For anyone who hasn’t given up on this post yet, I’d like to introduce you to my second word: “fard”. To paint the face with cosmetics.
Once I had understood and even come to like Yelena, I was still faced with a problem: How am I to portray the kind of mesmerising beauty that Chekhov calls for? She has to possess the kind of beauty that stalls a household for a month. She has to be obviously more “beautiful” than Sonya. How to do it? I believe in universal beauty – that everything has it, that it is truly in the eye of the beholder, so the idea of objective beauty was a difficult one for me to grasp. The only way I knew how to achieve that was the way society has always told us: slap on a bit of this here, a brush of that there, a few hundred strokes of this and voila!
You. Are. Beautiful.
A cast member walked in one evening before the show as I was redoing my lipstick for the third time and they told me that I shouldn’t wear make-up, that I was fine without it. This was a compliment, but it grated for some reason. I felt angry. I felt that I had to do everything I could to be as beautiful as I could, because otherwise – what’s the point of Yelena?
Aha.
While watching Act Three, I always wondered what Yelena is about to say when she trails off.
“I mean, someone like me, someone who’s…”
Someone who’s what, exactly?
This is really beautiful Jamie and I had no idea you felt this way about Yelena.
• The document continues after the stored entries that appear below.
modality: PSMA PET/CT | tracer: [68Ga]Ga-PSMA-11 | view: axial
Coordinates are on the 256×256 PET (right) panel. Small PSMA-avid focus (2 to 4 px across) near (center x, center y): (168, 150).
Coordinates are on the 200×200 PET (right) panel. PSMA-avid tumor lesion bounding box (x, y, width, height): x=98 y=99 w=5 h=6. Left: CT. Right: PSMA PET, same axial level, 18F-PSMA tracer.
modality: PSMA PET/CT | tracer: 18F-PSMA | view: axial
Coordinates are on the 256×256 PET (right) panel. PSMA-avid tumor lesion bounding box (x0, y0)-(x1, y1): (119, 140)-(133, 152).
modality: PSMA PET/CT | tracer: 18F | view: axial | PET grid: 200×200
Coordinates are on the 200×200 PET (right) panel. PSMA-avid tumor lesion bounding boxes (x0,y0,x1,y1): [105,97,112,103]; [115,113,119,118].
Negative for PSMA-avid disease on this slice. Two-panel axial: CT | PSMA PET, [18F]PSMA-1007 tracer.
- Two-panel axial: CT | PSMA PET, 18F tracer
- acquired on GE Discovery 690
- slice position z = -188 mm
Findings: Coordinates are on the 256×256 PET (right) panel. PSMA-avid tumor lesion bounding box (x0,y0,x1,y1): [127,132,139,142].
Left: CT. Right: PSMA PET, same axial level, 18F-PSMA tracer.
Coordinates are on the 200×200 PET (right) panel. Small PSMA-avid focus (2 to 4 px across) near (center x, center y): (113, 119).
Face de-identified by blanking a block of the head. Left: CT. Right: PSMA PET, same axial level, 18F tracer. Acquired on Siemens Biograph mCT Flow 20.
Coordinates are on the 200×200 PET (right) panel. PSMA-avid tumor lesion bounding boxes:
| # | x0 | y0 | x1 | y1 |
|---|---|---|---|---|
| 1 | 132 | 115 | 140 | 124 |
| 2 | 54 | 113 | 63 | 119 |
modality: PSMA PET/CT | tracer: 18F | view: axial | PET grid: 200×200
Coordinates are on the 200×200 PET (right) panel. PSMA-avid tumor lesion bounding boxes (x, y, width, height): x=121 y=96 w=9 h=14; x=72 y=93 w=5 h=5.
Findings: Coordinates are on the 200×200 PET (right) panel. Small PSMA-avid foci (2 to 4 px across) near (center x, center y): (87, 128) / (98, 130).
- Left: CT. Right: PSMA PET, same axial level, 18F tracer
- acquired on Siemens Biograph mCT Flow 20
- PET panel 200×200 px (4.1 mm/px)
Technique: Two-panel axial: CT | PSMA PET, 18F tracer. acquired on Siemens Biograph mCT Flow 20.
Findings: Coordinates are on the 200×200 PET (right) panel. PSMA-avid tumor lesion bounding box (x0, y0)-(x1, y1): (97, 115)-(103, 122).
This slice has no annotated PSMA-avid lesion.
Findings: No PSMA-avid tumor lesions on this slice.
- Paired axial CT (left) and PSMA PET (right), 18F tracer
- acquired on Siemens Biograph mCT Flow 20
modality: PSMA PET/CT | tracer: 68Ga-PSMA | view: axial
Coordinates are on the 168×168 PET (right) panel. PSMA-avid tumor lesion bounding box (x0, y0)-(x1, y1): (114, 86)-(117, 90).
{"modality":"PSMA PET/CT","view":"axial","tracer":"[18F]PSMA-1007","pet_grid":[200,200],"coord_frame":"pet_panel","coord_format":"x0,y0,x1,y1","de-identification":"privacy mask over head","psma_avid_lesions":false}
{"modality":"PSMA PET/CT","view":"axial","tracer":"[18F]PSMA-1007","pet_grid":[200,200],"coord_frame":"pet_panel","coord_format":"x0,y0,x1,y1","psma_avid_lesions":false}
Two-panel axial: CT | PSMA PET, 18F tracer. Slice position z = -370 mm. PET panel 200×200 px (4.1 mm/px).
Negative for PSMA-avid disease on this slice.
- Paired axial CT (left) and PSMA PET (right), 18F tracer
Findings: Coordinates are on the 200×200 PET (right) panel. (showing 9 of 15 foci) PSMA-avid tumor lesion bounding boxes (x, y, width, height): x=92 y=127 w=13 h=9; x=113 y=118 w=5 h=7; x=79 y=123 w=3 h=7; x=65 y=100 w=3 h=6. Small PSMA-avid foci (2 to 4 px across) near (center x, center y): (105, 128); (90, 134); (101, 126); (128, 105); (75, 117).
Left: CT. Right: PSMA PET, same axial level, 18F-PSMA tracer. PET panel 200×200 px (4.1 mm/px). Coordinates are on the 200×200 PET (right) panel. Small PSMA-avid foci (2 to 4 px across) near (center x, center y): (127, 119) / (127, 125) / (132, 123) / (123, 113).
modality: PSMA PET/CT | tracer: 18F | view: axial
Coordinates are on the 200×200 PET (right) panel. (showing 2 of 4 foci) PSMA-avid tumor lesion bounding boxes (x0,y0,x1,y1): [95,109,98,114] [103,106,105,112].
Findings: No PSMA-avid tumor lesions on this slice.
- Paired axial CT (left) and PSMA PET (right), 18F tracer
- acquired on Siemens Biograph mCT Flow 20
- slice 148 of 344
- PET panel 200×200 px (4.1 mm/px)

Of all the things Yelena is trapped by, like the house and the Professor I had never considered the transience of her beauty to be one of them. It’s almost as if her plea to Astrov (and maybe the audience?) in the final scene to “think better of me” is not only a request that Astrov not think of her as someone who almost has as affair with him but also a wish for the world to see her as more than just a pretty face that enchants people.
Hey Jamie,
The story of the monk leader is so cool. I can’t even comprehend the burden and insight required to ascent to a position of power – knowing that it would ultimately result in your own death. There is also something peculiarly fitting about a power dynamic that cyclically incorporates life and death.
I also really enjoyed the quote from Twelth Night and I think it really captures the fleeting essence of beauty. (on an unrelated note, I see some strong parallels between Orsino’s unrequited and consuming love for Olivia and Vanya’s feelings towards Yelena’s)
I’m am curious to hear what you have to say about Astrov’s notion of outer and inner beauty (when he remarks that Yelena doesnt do anything), and the whole issue of love vs lust.
At the very least, your post expanded my vocabulary by a couple of interested words.
I can’t wait to impress all the girls with my Duende.